TASK DETAILS: Give every entry again, unchanged, and leave its images out.
EXTRACTED DATA: Begin
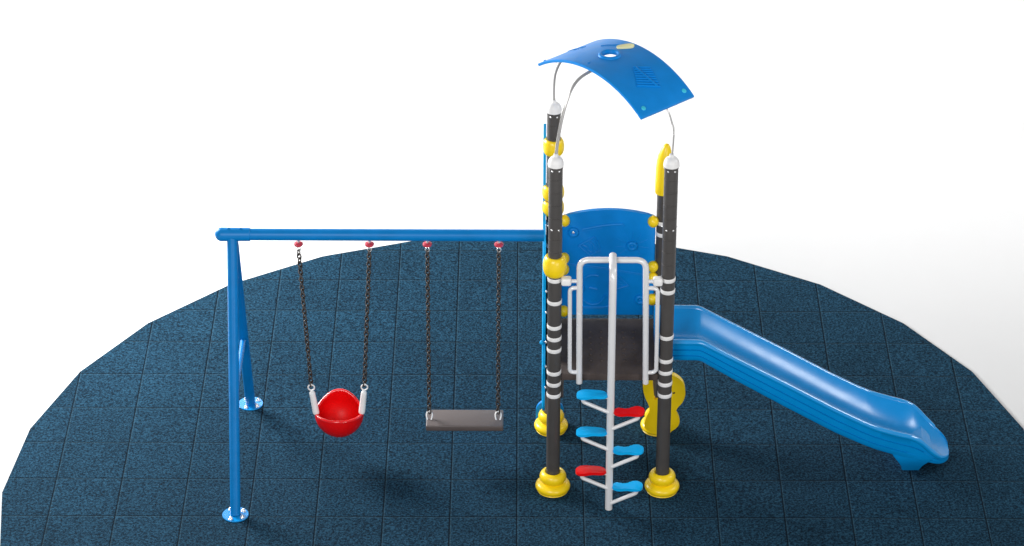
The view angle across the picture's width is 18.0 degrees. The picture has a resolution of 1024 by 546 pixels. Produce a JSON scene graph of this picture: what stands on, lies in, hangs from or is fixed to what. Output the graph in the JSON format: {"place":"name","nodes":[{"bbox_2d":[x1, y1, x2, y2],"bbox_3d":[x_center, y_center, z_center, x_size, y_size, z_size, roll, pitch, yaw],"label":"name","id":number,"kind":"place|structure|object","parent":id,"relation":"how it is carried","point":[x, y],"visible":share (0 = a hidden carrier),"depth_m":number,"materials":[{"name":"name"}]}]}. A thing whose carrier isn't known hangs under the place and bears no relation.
{"place":"outdoors","nodes":[
{"label":"outdoors","id":0,"kind":"place"},
{"bbox_2d":[0,0,1023,534],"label":"studio floor backdrop","id":1,"kind":"structure","parent":0,"point":[868,152],"depth_m":29.30,"materials":[{"name":"white paper"}]},
{"bbox_2d":[0,241,1023,545],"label":"rubber ground","id":2,"kind":"structure","parent":0,"point":[126,441],"depth_m":25.07,"materials":[{"name":"rubber"}]},
{"bbox_2d":[215,227,543,521],"bbox_3d":[-0.979,0.552,24.309,2.428,2.039,1.737,0,30,0],"label":"swing frame","id":3,"kind":"object","parent":2,"relation":"on","point":[239,358],"visible":1,"depth_m":23.85,"materials":[{"name":"metal"}]},
{"bbox_2d":[297,249,371,436],"bbox_3d":[-1.317,0.529,24.306,0.444,1.630,0.368,22,37,33],"label":"bucket swing","id":4,"kind":"object","parent":3,"relation":"hanging from","point":[338,412],"visible":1,"depth_m":24.52,"materials":[{"name":"red plastic"}]},
{"bbox_2d":[425,249,502,430],"bbox_3d":[-0.360,0.486,24.278,0.591,1.523,0.236,0,30,0],"label":"flat swing","id":5,"kind":"object","parent":3,"relation":"hanging from","point":[464,420],"visible":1,"depth_m":24.55,"materials":[{"name":"grey rubber"}]},
{"bbox_2d":[653,305,948,469],"bbox_3d":[2.205,0.900,24.514,2.273,1.221,0.542,0,30,0],"label":"slide","id":6,"kind":"object","parent":2,"relation":"on","point":[907,435],"visible":0.94,"depth_m":24.46,"materials":[{"name":"blue plastic"}]},
{"bbox_2d":[534,39,693,510],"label":"play tower","id":7,"kind":"structure","parent":0,"point":[610,263],"depth_m":23.98,"materials":[{"name":"blue metal"}]}
]}
EXTRACTED DATA: End
RESPONSE BELOW:
The view angle across the picture's width is 18.0 degrees. The picture has a resolution of 1024 by 546 pixels. Produce a JSON scene graph of this picture: what stands on, lies in, hangs from or is fixed to what. Output the graph in the JSON format: {"place":"name","nodes":[{"bbox_2d":[x1, y1, x2, y2],"bbox_3d":[x_center, y_center, z_center, x_size, y_size, z_size, roll, pitch, yaw],"label":"name","id":number,"kind":"place|structure|object","parent":id,"relation":"how it is carried","point":[x, y],"visible":share (0 = a hidden carrier),"depth_m":number,"materials":[{"name":"name"}]}]}. A thing whose carrier isn't known hangs under the place and bears no relation.
{"place":"outdoors","nodes":[
{"label":"outdoors","id":0,"kind":"place"},
{"bbox_2d":[0,0,1023,534],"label":"studio floor backdrop","id":1,"kind":"structure","parent":0,"point":[868,152],"depth_m":29.30,"materials":[{"name":"white paper"}]},
{"bbox_2d":[0,241,1023,545],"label":"rubber ground","id":2,"kind":"structure","parent":0,"point":[126,441],"depth_m":25.07,"materials":[{"name":"rubber"}]},
{"bbox_2d":[215,227,543,521],"bbox_3d":[-0.979,0.552,24.309,2.428,2.039,1.737,0,30,0],"label":"swing frame","id":3,"kind":"object","parent":2,"relation":"on","point":[239,358],"visible":1,"depth_m":23.85,"materials":[{"name":"metal"}]},
{"bbox_2d":[297,249,371,436],"bbox_3d":[-1.317,0.529,24.306,0.444,1.630,0.368,22,37,33],"label":"bucket swing","id":4,"kind":"object","parent":3,"relation":"hanging from","point":[338,412],"visible":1,"depth_m":24.52,"materials":[{"name":"red plastic"}]},
{"bbox_2d":[425,249,502,430],"bbox_3d":[-0.360,0.486,24.278,0.591,1.523,0.236,0,30,0],"label":"flat swing","id":5,"kind":"object","parent":3,"relation":"hanging from","point":[464,420],"visible":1,"depth_m":24.55,"materials":[{"name":"grey rubber"}]},
{"bbox_2d":[653,305,948,469],"bbox_3d":[2.205,0.900,24.514,2.273,1.221,0.542,0,30,0],"label":"slide","id":6,"kind":"object","parent":2,"relation":"on","point":[907,435],"visible":0.94,"depth_m":24.46,"materials":[{"name":"blue plastic"}]},
{"bbox_2d":[534,39,693,510],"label":"play tower","id":7,"kind":"structure","parent":0,"point":[610,263],"depth_m":23.98,"materials":[{"name":"blue metal"}]}
]}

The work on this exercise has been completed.